Qu'est-ce qu'un zero-day ?
Le terme zero-day (ou jour zéro) désigne une vulnérabilité exploitée avant que l'éditeur du logiciel n'en ait connaissance ou n'ait pu publier un correctif. Le nom vient de là : au moment de l'attaque, les défenseurs disposent de zéro jour d'avance pour réagir.
On distingue la vulnérabilité zero-day (la faille elle-même), l'exploit zero-day (le code qui en tire parti) et l'attaque zero-day (son utilisation réelle contre une cible). Ces failles sont recherchées, échangées et parfois vendues à prix fort sur des marchés spécialisés.
Pourquoi c'est important pour votre organisation
Un zero-day contourne par définition les défenses fondées sur la connaissance préalable de la menace, comme les signatures antivirus ou les listes de correctifs.
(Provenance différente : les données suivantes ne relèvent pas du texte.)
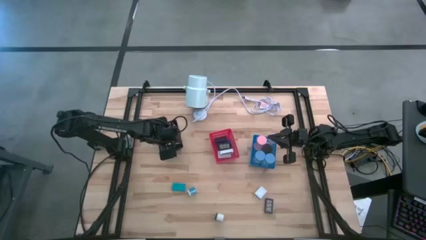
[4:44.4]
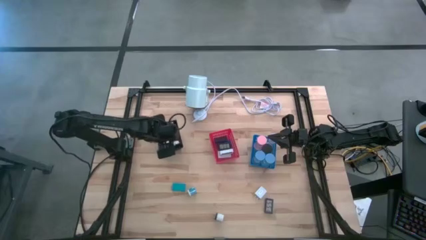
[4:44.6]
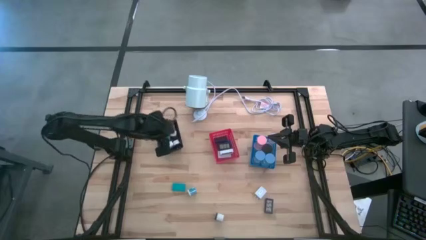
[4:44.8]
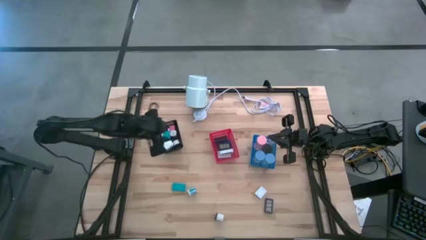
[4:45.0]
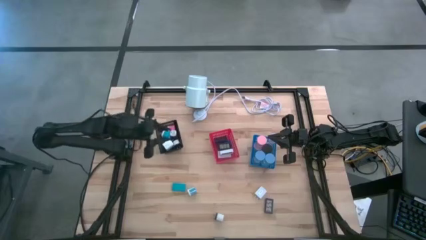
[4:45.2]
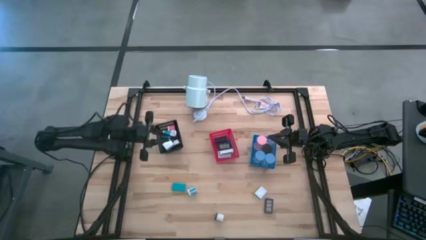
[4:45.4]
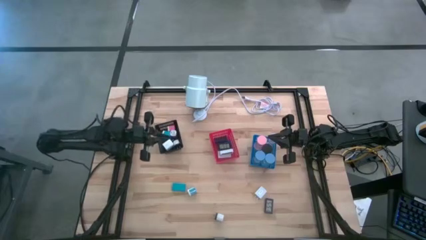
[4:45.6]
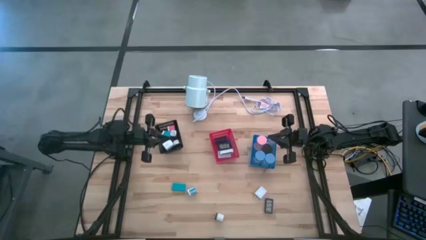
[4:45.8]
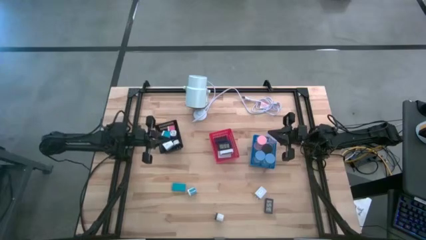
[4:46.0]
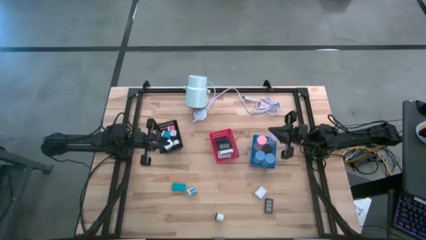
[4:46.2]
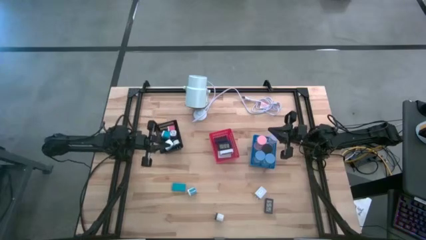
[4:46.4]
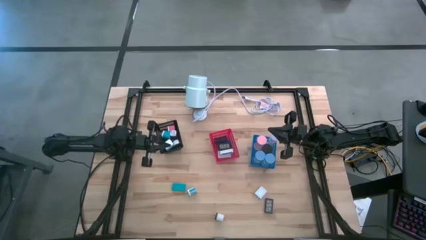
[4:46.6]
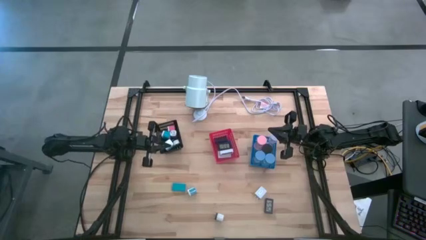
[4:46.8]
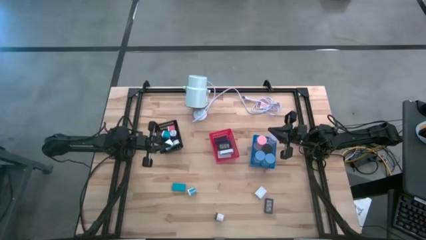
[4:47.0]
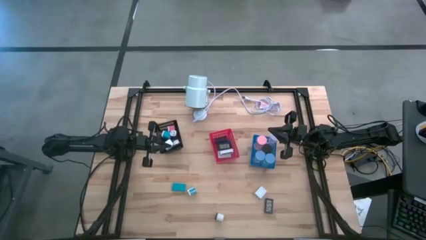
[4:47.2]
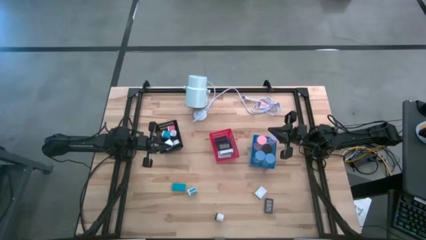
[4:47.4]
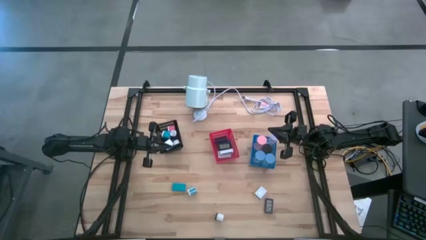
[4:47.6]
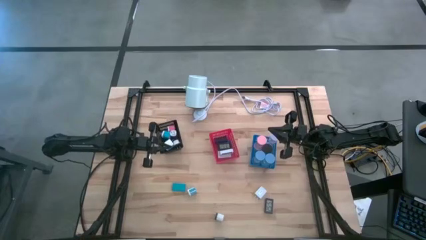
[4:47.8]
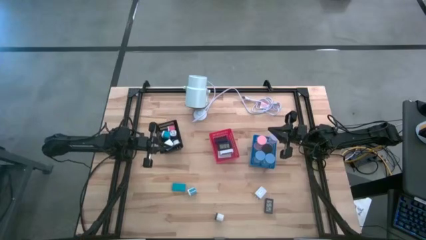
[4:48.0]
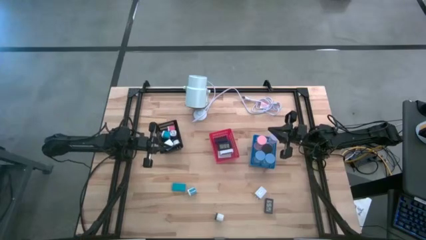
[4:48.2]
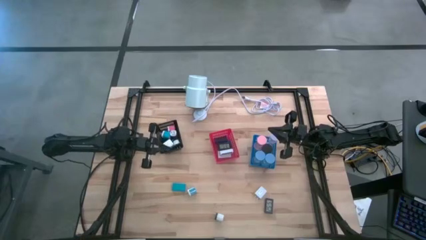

C'est ce qui le rend redoutable et prisé des attaquants les plus avancés.
L'enjeu se déplace donc vers la rapidité de réaction : dès qu'une exploitation devient publique, une course s'engage entre le déploiement du correctif d'un côté et l'exploitation de masse de l'autre. Les organisations lentes à réagir se retrouvent exposées pendant la fenêtre la plus dangereuse.
Comment réduire le risque zero-day
- Réduire la surface d'attaque : moins d'actifs exposés, moins de portes d'entrée.
- Défense en profondeur : segmentation, moindre privilège, isolation des systèmes critiques.
- Détection comportementale : repérer l'activité anormale plutôt que des signatures connues.
- Réaction rapide : un processus capable de déployer un correctif d'urgence en heures, pas en semaines.
Où les organisations pèchent le plus souvent
Beaucoup surinvestissent dans la peur du zero-day tout en négligeant les vulnérabilités connues et non corrigées, qui causent en réalité la majorité des compromissions. L'autre écueil est l'absence de plan de réaction d'urgence : quand un zero-day devient public, il est trop tard pour improviser un processus de correctif accéléré.